Saved entries
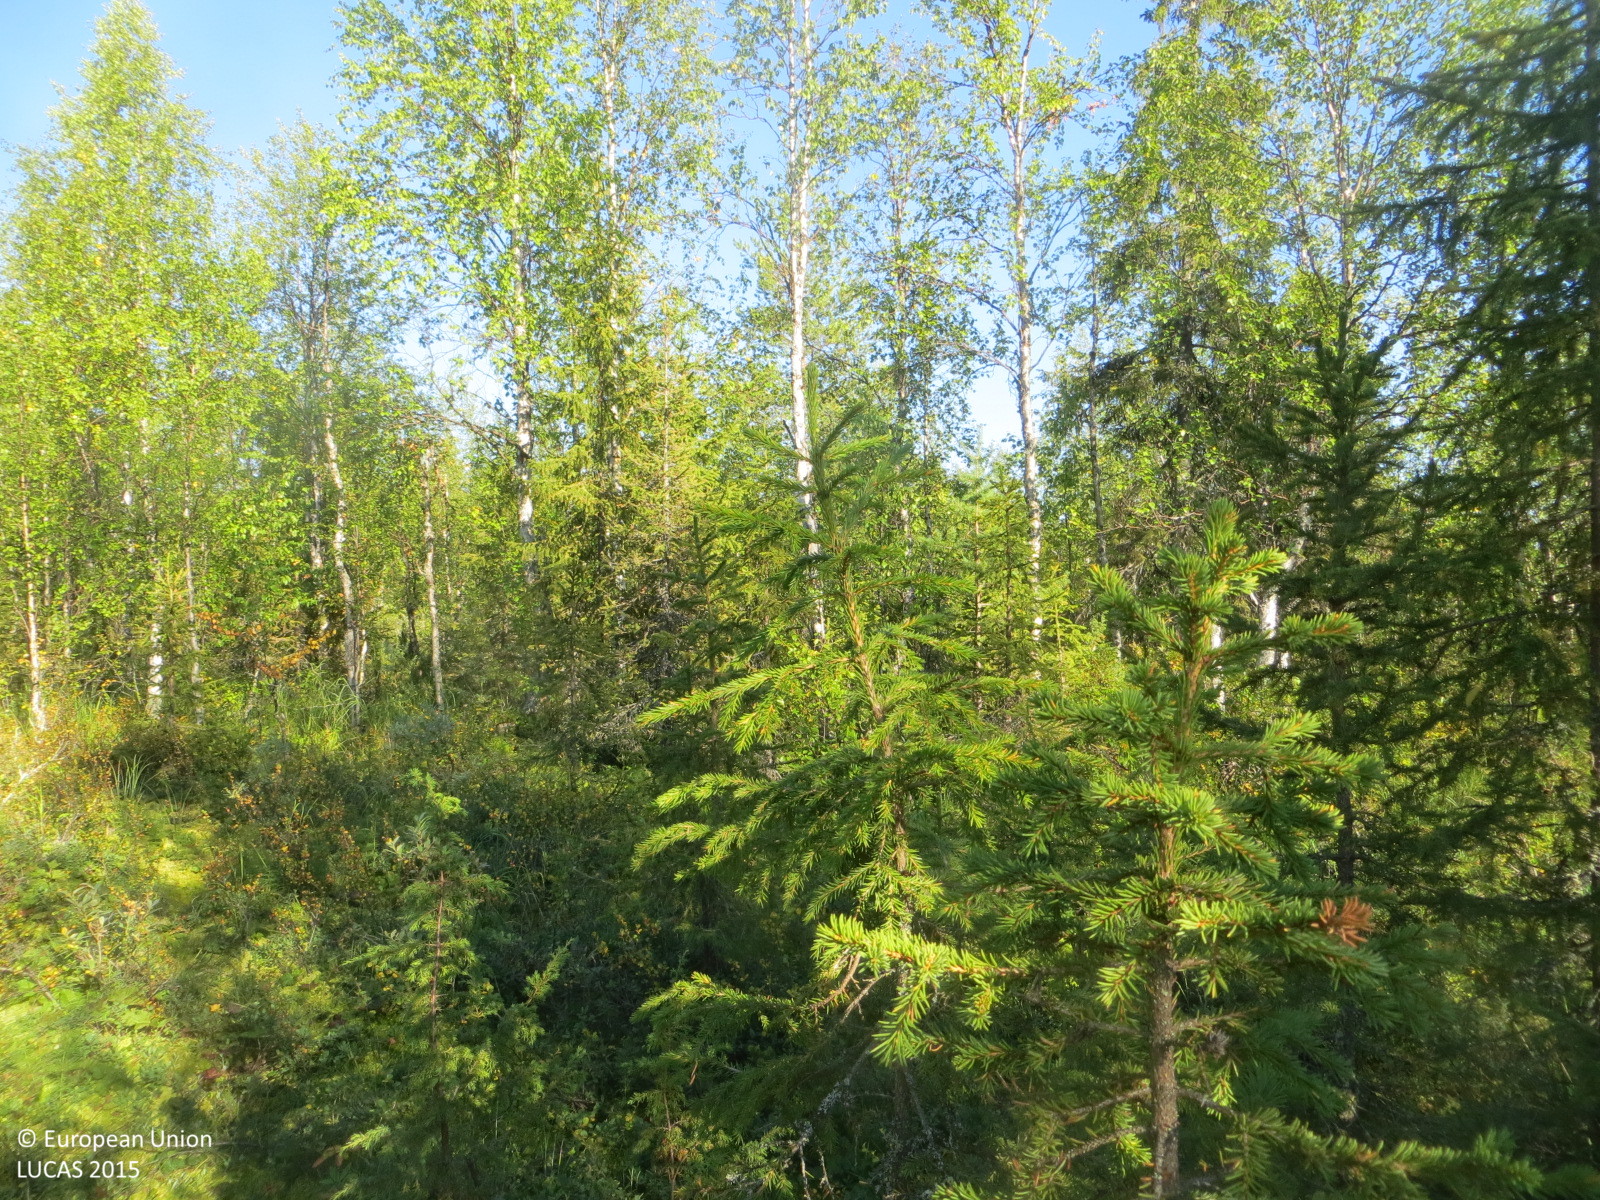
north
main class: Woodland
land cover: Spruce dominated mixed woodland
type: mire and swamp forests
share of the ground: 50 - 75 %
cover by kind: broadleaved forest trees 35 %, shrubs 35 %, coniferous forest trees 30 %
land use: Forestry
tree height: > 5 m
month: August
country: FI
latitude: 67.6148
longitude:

■ What the task asks ■
Return exactly the run of lines that opens with the one containing "land use: Forestry" and closes with the last line of the records above.

■ Expected output ■
land use: Forestry
tree height: > 5 m
month: August
country: FI
latitude: 67.6148
longitude:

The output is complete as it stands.